> [What is being asked]:
Using the data that follows, output only the lines from the line with "An aerial image. It shows: Tertiary road." up to and including the line with "An aerial image. It shows: Brown", exactly, leaving pictures aside.

> [Supplied material]:
BEGIN
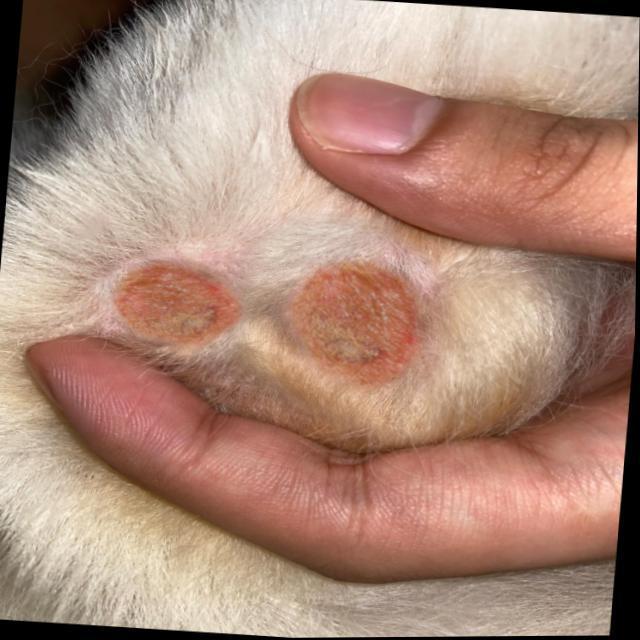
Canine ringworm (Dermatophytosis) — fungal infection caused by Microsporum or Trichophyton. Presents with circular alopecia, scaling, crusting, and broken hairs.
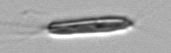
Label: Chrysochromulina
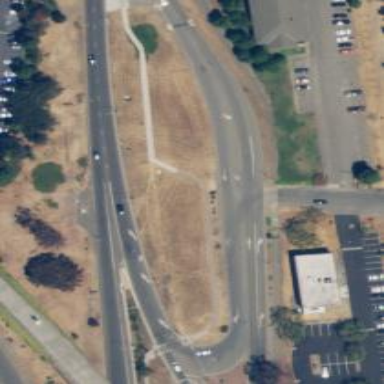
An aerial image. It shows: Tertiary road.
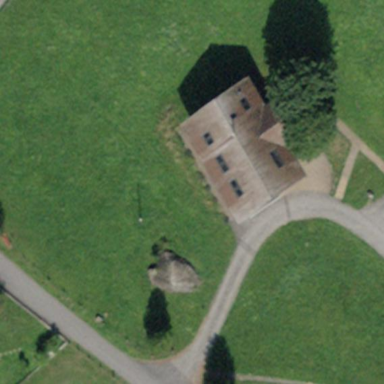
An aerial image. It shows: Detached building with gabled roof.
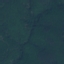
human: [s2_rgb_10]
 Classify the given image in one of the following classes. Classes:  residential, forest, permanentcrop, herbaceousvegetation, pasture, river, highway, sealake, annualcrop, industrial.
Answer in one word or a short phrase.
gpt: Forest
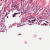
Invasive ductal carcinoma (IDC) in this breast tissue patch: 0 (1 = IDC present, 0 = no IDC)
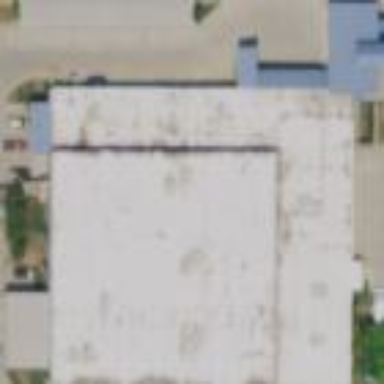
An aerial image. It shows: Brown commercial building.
END
BEGIN
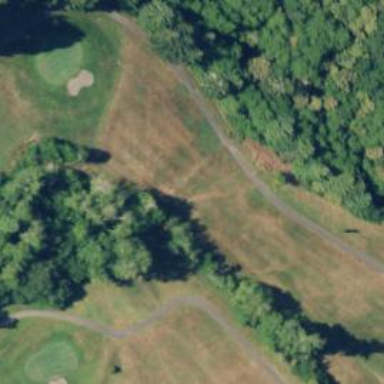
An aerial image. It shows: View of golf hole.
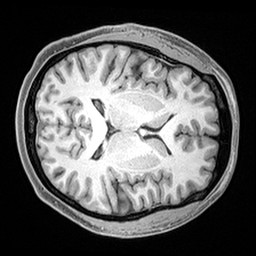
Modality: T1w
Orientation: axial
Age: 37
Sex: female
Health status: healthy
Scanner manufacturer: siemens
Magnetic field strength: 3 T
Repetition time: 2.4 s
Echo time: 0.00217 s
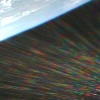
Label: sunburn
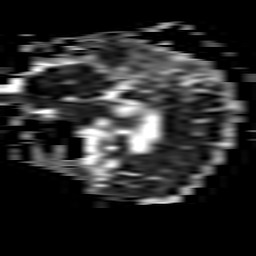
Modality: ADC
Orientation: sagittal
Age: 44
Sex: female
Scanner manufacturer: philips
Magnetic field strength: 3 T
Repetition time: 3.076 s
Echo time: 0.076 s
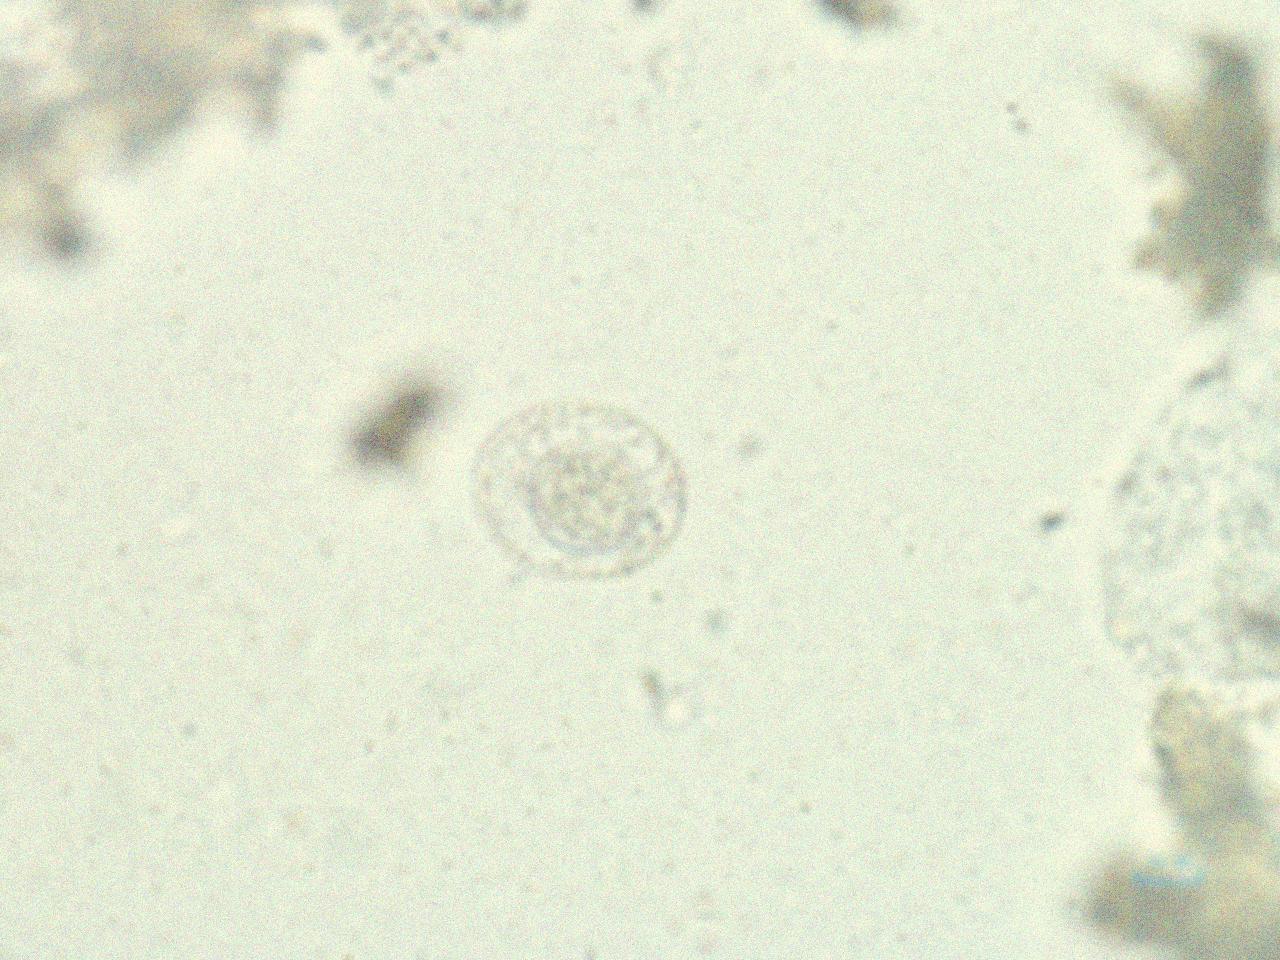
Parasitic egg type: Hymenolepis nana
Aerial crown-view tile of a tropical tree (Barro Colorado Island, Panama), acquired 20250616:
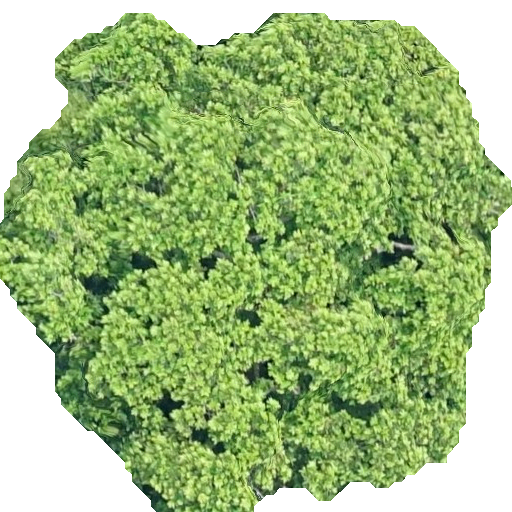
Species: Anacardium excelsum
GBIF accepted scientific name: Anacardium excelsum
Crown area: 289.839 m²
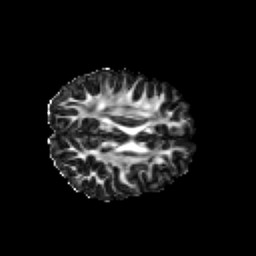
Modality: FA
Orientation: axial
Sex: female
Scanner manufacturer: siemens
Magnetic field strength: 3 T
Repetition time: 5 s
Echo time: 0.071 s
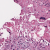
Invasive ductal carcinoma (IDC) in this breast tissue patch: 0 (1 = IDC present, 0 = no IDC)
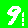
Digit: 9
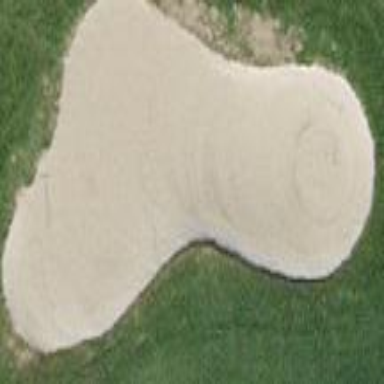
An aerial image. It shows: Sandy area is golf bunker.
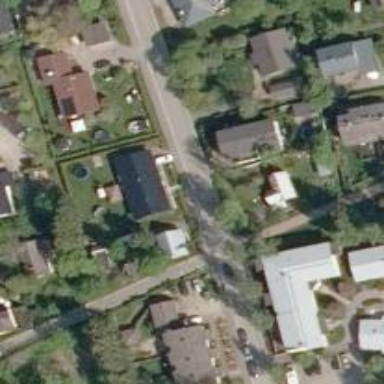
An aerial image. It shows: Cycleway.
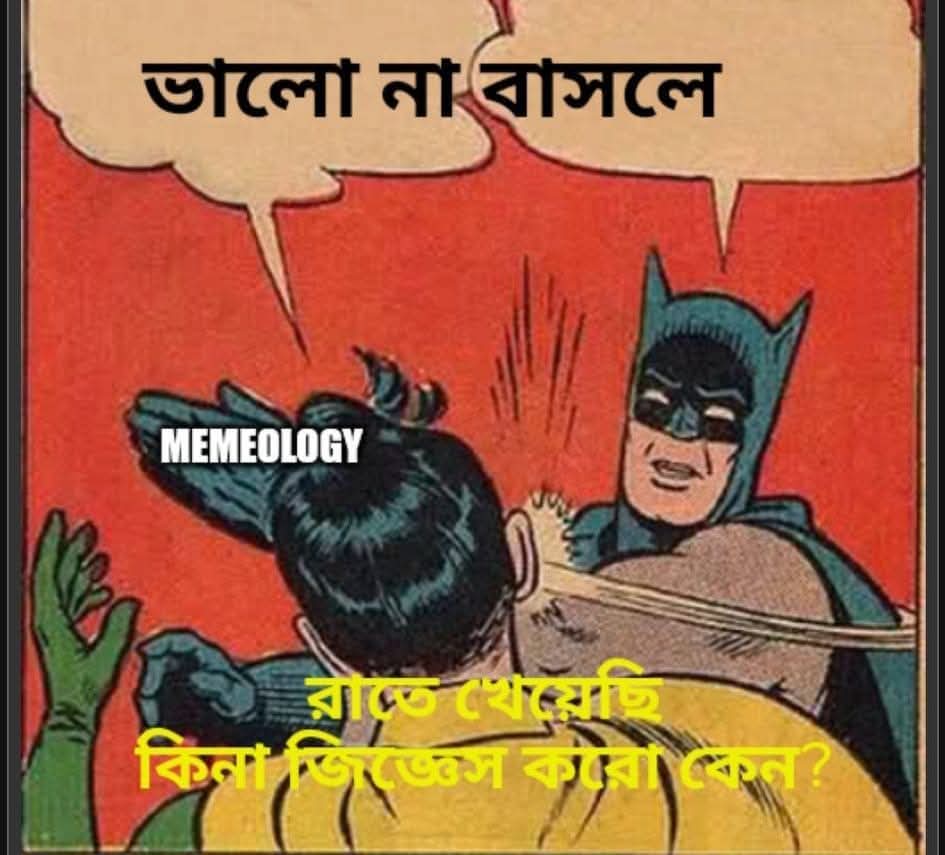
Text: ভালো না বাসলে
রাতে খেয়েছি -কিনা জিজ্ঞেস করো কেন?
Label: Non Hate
END
BEGIN
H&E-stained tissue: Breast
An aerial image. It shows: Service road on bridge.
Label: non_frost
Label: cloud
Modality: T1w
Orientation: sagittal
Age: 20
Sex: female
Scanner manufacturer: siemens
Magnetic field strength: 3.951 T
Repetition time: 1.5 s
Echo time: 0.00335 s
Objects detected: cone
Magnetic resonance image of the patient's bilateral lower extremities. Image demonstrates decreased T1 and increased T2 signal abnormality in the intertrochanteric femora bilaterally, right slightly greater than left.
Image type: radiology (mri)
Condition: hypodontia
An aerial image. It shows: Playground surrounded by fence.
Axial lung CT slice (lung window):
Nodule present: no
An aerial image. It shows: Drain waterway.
END
> [Solution to this task]:
An aerial image. It shows: Tertiary road.
An aerial image. It shows: Detached building with gabled roof.
human: [s2_rgb_10]
 Classify the given image in one of the following classes. Classes:  residential, forest, permanentcrop, herbaceousvegetation, pasture, river, highway, sealake, annualcrop, industrial.
Answer in one word or a short phrase.
gpt: Forest
Invasive ductal carcinoma (IDC) in this breast tissue patch: 0 (1 = IDC present, 0 = no IDC)
An aerial image. It shows: Brown commercial building.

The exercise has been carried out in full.